LOF calculates the LOF score for each data point by comparing the local density of each data point to the local densities of its neighbors. An outlier is a data point whose local density is significantly lower than that of its neighbors. Because it considers the concept of local density, LOF is useful for datasets with a range of densities or clusters. When we use the implementation in scikit-learn, we can convert LOF scores to predictions by using the predict or fit_predict method, which assigns a value of 1 to points that are not outliers and -1 to points likely to be outliers.

In [9]:
from sklearn.datasets import load_breast_cancer
from sklearn.neighbors import LocalOutlierFactor

data = load_breast_cancer(as_frame=True).data
lof = LocalOutlierFactor(n_neighbors=20, contamination=0.1)
outliers = lof.fit_predict(data)
data["LOF"] = outliers

The LOF method for outlier detection has the following advantages:

1. Effective in identifying outliers in datasets with varying densities or clusters.
1. Doesn’t require assumptions about the underlying distribution of the data.
1. Provides anomaly scores that can be used to rank the outliers.

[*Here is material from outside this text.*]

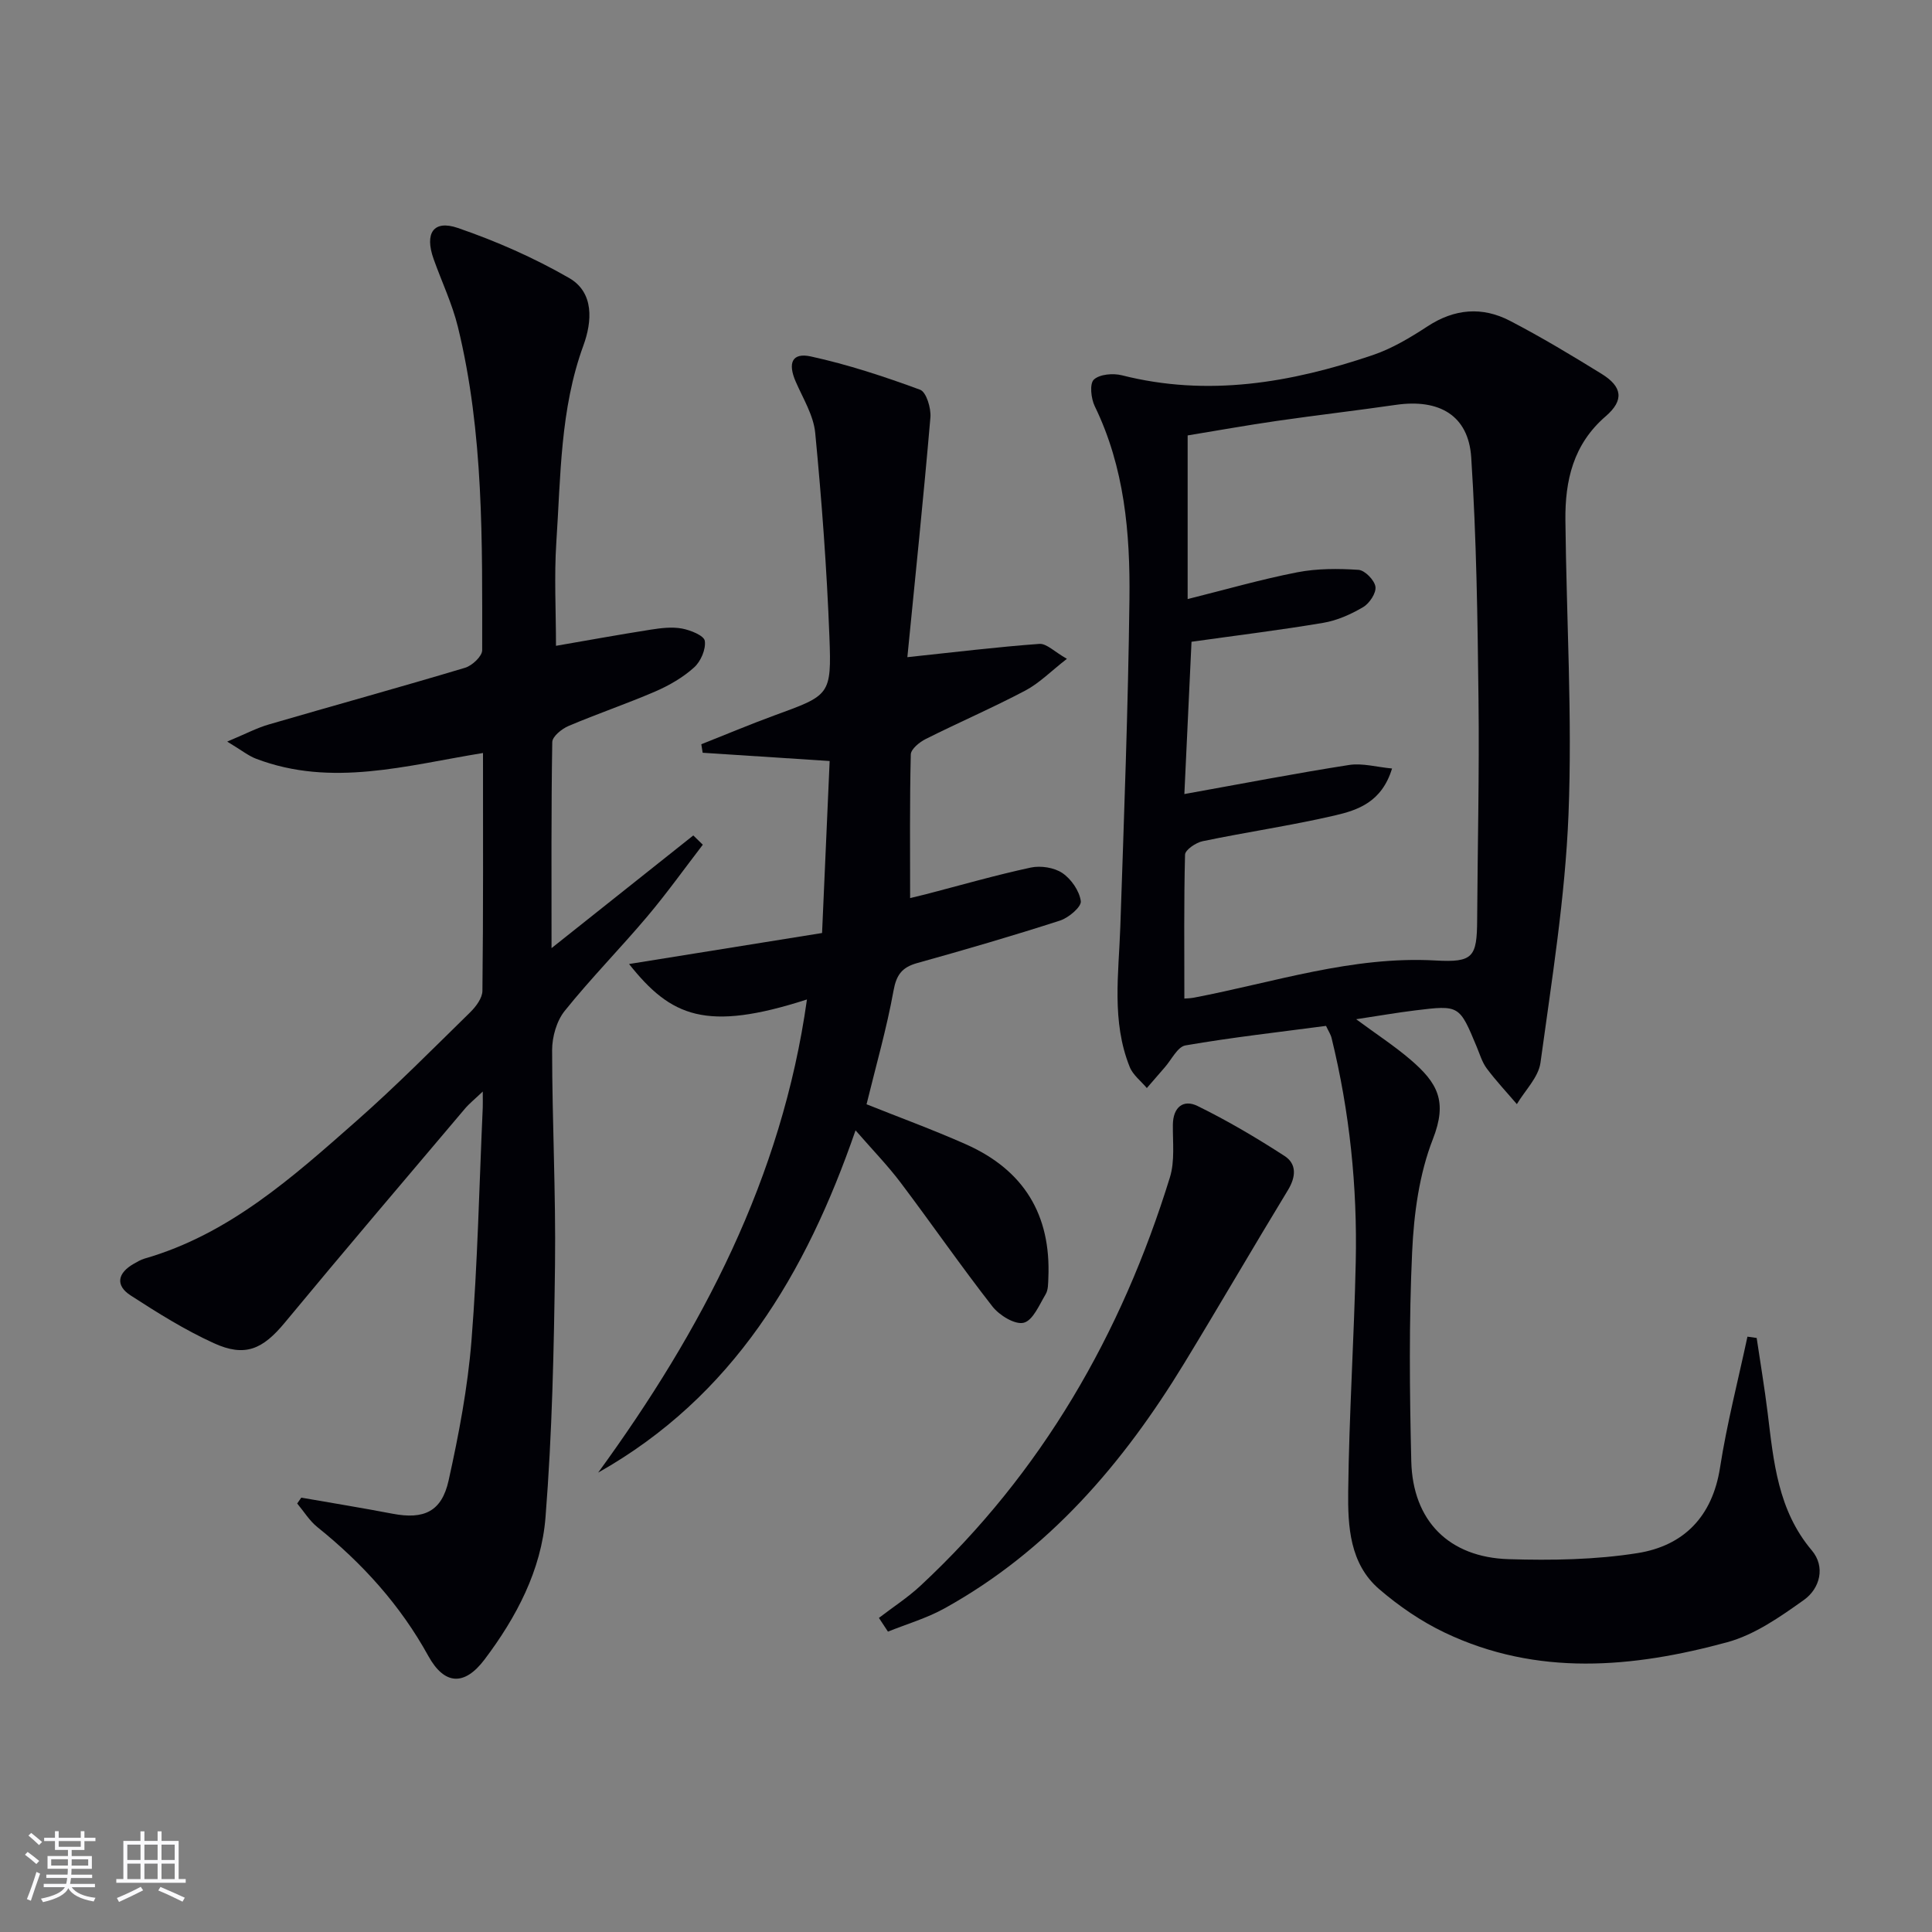 <svg enable-background="new 0 0 400 400" viewBox="0 0 400 400" xmlns="http://www.w3.org/2000/svg"><rect x="0" y="0" width="400" height="400" fill="#808080" stroke="none"/><g fill="#010106"><path d="m363.7 277.01c.77 5.19 1.64 10.36 2.28 15.56 1.23 10.06 2.1 20.1 9.14 28.43 2.85 3.37 1.71 7.87-1.65 10.26-4.91 3.5-10.19 7.2-15.88 8.75-19.57 5.32-39.35 7.12-58.47-1.99-4.87-2.32-9.49-5.49-13.58-9.01-6.1-5.26-6.5-13-6.41-20.26.18-15.79 1.22-31.58 1.56-47.37.35-15.68-1.26-31.2-5-46.47-.19-.77-.67-1.47-1.15-2.51-9.78 1.29-19.48 2.38-29.1 4.04-1.65.28-2.89 2.97-4.31 4.57-1.24 1.41-2.46 2.84-3.69 4.26-1.21-1.45-2.89-2.71-3.55-4.38-3.79-9.44-2.27-19.27-1.94-29.04.76-22.62 1.62-45.23 1.89-67.86.16-13.65-1.03-27.24-7.18-39.88-.78-1.6-1.1-4.67-.19-5.52 1.21-1.12 3.98-1.35 5.81-.89 17.79 4.51 34.97 1.56 51.87-4.16 4.03-1.36 7.84-3.64 11.43-5.99 5.57-3.64 11.29-4.11 17.02-1.14 6.49 3.37 12.77 7.15 18.99 10.99 4.29 2.65 4.72 5.45.85 8.79-6.74 5.81-8.43 13.34-8.34 21.55.21 20.31 1.45 40.65.64 60.91-.69 17.18-3.47 34.29-5.8 51.36-.41 3.03-3.2 5.74-4.89 8.59-2.09-2.45-4.3-4.8-6.23-7.38-.97-1.3-1.45-2.98-2.09-4.51-3.58-8.6-3.58-8.64-12.71-7.52-3.77.46-7.52 1.12-12.24 1.83 4.22 3.12 7.91 5.52 11.22 8.35 5.67 4.85 7.72 8.65 4.67 16.45-2.84 7.26-3.94 15.48-4.3 23.35-.67 14.43-.53 28.91-.18 43.36.3 12.33 7.77 19.9 20.17 20.28 8.89.27 17.95.13 26.7-1.26 9.5-1.52 15.46-7.51 17.05-17.67 1.42-9.12 3.75-18.1 5.68-27.14.64.1 1.27.18 1.91.27zm-118.49-70.27c.37-.03 1.2-.04 2-.19 16.57-3.16 32.75-8.66 50.01-7.69 7.8.44 8.57-.71 8.61-8.46.09-15.15.46-30.3.28-45.45-.19-16.76-.42-33.55-1.51-50.26-.57-8.7-6.63-12.16-15.59-10.87-8.22 1.19-16.46 2.14-24.68 3.33-6.29.91-12.56 2.04-18.44 3v33.88c7.93-1.98 15.24-4.09 22.68-5.54 4.12-.8 8.48-.79 12.69-.51 1.32.09 3.32 2.14 3.51 3.5.19 1.3-1.24 3.45-2.55 4.22-2.53 1.49-5.39 2.77-8.26 3.25-8.8 1.49-17.67 2.57-27.27 3.92-.48 10.24-.98 20.74-1.48 31.53 11.98-2.15 23.01-4.29 34.1-6.02 2.77-.43 5.75.44 8.9.73-2.13 6.98-7.1 8.62-11.88 9.73-9.03 2.09-18.24 3.43-27.33 5.32-1.4.29-3.62 1.79-3.65 2.79-.25 9.78-.14 19.56-.14 29.79z"/><path d="m115.11 133.71c6.29-1.09 12.95-2.3 19.63-3.35 2.12-.33 4.37-.61 6.44-.23 1.77.33 4.57 1.45 4.74 2.55.26 1.73-.83 4.26-2.21 5.5-2.29 2.07-5.12 3.71-7.97 4.95-5.94 2.57-12.08 4.64-18.04 7.18-1.39.59-3.34 2.17-3.36 3.33-.23 13.94-.15 27.89-.15 42.66 10.2-8.11 19.77-15.72 29.35-23.33.66.64 1.31 1.28 1.97 1.92-3.82 4.97-7.47 10.08-11.51 14.87-5.58 6.61-11.67 12.79-17.08 19.53-1.68 2.09-2.61 5.38-2.61 8.13.01 14.81.78 29.62.6 44.42-.22 17.45-.59 34.94-1.97 52.32-.86 10.9-6.03 20.69-12.62 29.42-4.18 5.54-8.32 5.29-11.64-.73-5.81-10.54-13.65-19.19-22.96-26.67-1.65-1.32-2.81-3.25-4.19-4.9.28-.4.57-.8.85-1.21 6.3 1.1 12.62 2.13 18.9 3.33 6.46 1.23 10.16-.4 11.6-6.88 2.11-9.52 3.95-19.2 4.73-28.9 1.28-16.07 1.61-32.22 2.34-48.34.03-.77 0-1.55 0-3.29-1.68 1.61-2.8 2.49-3.7 3.56-12.46 14.73-24.97 29.41-37.27 44.27-4.57 5.52-8.22 7.24-14.73 4.26-6-2.74-11.66-6.28-17.21-9.88-3.23-2.09-2.67-4.65.63-6.53.72-.41 1.44-.85 2.22-1.08 17.55-5.04 30.73-16.89 43.95-28.54 8.11-7.15 15.74-14.86 23.47-22.43 1.21-1.18 2.56-2.97 2.57-4.49.19-16.3.12-32.61.12-49.23-15.89 2.58-31.35 7.14-46.98 1.19-1.6-.61-2.99-1.75-5.98-3.55 3.78-1.58 6.13-2.83 8.62-3.55 13.54-3.95 27.14-7.69 40.64-11.74 1.46-.44 3.53-2.38 3.53-3.63.01-22.44.35-44.94-5.03-66.95-1.18-4.81-3.36-9.36-5.03-14.06-1.89-5.33-.04-8.15 5.03-6.41 7.94 2.73 15.76 6.17 23.02 10.35 5.24 3.01 4.77 9.04 2.97 13.97-4.84 13.23-4.69 27.08-5.61 40.78-.46 7.04-.07 14.17-.07 21.41z"/><path d="m171.77 157.56c-9.52-.62-17.9-1.16-26.29-1.71-.09-.59-.19-1.18-.28-1.76 5.06-2 10.08-4.12 15.19-5.99 11.41-4.17 11.8-4.13 11.33-16.29-.54-14.09-1.59-28.17-2.94-42.2-.35-3.62-2.52-7.11-4.03-10.58-1.69-3.87-.77-6.08 3.13-5.23 7.69 1.68 15.23 4.17 22.62 6.89 1.28.47 2.3 3.83 2.13 5.75-1.43 16.65-3.16 33.28-4.77 49.62 10.01-1.06 18.65-2.12 27.33-2.75 1.49-.11 3.11 1.63 5.7 3.09-3.28 2.55-5.7 5.04-8.62 6.58-6.76 3.57-13.79 6.6-20.62 10.03-1.28.64-3.05 2.08-3.08 3.19-.24 9.78-.14 19.56-.14 29.74.59-.14 1.94-.46 3.28-.8 7.23-1.88 14.41-3.95 21.7-5.52 2.06-.44 4.85-.01 6.55 1.14 1.83 1.24 3.53 3.7 3.81 5.82.15 1.17-2.51 3.43-4.29 4.01-9.79 3.16-19.67 6.04-29.58 8.8-3.14.88-4.31 2.41-4.91 5.74-1.41 7.79-3.61 15.44-5.58 23.5 6.51 2.61 13.64 5.21 20.56 8.28 12.03 5.34 17.64 14.62 17.08 27.65-.05 1.15-.01 2.48-.56 3.4-1.31 2.19-2.64 5.43-4.54 5.9-1.81.45-5.04-1.53-6.47-3.36-6.55-8.39-12.61-17.16-19.02-25.66-2.68-3.55-5.81-6.77-9.33-10.81-10.29 29.77-25.39 55.12-53.29 70.86 21.48-29.49 38.06-61.02 43.23-97.96-20.91 6.74-28.16 3.57-36.83-7.34 13.23-2.12 26.35-4.23 39.96-6.42.54-12.44 1.06-23.98 1.57-35.61z"/><path d="m181.97 334.97c2.89-2.22 5.99-4.22 8.65-6.7 25.07-23.35 41.56-52.01 51.6-84.52 1.04-3.37.57-7.25.61-10.89.04-3.65 2.18-5.31 5.1-3.88 6.21 3.04 12.21 6.59 18.02 10.35 2.54 1.64 2.38 4.31.71 7.06-7.24 11.9-14.23 23.96-21.48 35.86-12.64 20.74-28.07 38.82-49.67 50.77-3.66 2.02-7.77 3.22-11.67 4.79-.62-.95-1.24-1.9-1.87-2.84z"/></g><path d="m5.17 384 .55-.58c.85.61 1.65 1.24 2.4 1.87l-.59.64c-.83-.73-1.62-1.38-2.36-1.93m1.22 9.53-.82-.34c.71-1.76 1.37-3.64 1.98-5.63.24.13.5.25.76.36-.6 1.67-1.24 3.54-1.92 5.61m-.5-13.5.57-.54c.56.44 1.31 1.06 2.26 1.87l-.64.64c-.68-.66-1.41-1.32-2.19-1.97m3.25.46h2.24v-1.36h.77v1.36h4.57v-1.36h.76v1.36h2.28v.69h-2.28v1.84h-2.64v1.26h4.18v2.64h-4.21c0 .45-.02.86-.05 1.21h4.32v.69h-4.38c-.04.34-.1.75-.19 1.22h5.15v.69h-4.82c.87 1.19 2.51 1.92 4.93 2.19-.17.32-.3.57-.37.76-2.77-.49-4.52-1.41-5.26-2.76-.56 1.26-2.3 2.23-5.24 2.9-.12-.24-.26-.48-.43-.72 2.73-.55 4.38-1.34 4.96-2.38h-4.38v-.69h4.65c.1-.38.17-.79.21-1.22h-4.32v-.69h4.4c.03-.34.05-.75.05-1.21h-4.2v-2.64h4.23v-1.26h-2.69v-1.84h-2.24zm1.46 4.46v1.29h3.45c.01-.4.02-.57.01-.53v-.32-.45h-3.46zm1.55-2.59h4.57v-1.19h-4.57zm6.11 2.59h-3.42v.77c-.01.19-.01.37-.02.53h3.44z" fill="#fafafc"/><path d="m32.63 379.16h.82v1.98h3.54v7.89h1.46v.78h-14.37v-.78h1.46v-7.89h3.54v-1.98h.82v1.98h2.73zm-3.49 11.48.5.73c-1.61.82-3.28 1.63-5 2.41-.13-.27-.28-.55-.44-.82 1.75-.72 3.4-1.49 4.94-2.32m-2.78-5.55h2.73v-3.18h-2.73zm0 3.95h2.73v-3.2h-2.73zm3.54-3.95h2.73v-3.18h-2.73zm0 3.95h2.73v-3.2h-2.73zm7.89 4.68c-1.84-.92-3.51-1.7-5.02-2.32l.45-.73c1.89.8 3.57 1.55 5.04 2.23zm-1.62-11.81h-2.73v3.18h2.73zm-2.73 7.13h2.73v-3.2h-2.73z" fill="#fafafc"/></svg>

Cons of employing the LOF method for outlier detection include the following:

1. Sensitivity to the choice of parameters such as the number of neighbors (n_neighbors) and the contamination rate (contamination).
1. Can be computationally expensive for large datasets.
1. May require careful interpretation and adjustment of the anomaly scores threshold for outlier detection.

Data enthusiasts can identify outliers based on local density deviations and capture anomalies that display different patterns from their neighbors by using the Local Outlier Factor (LOF) method for outlier detection. To get precise outlier detection, however, parameter tuning and careful result interpretation are necessary.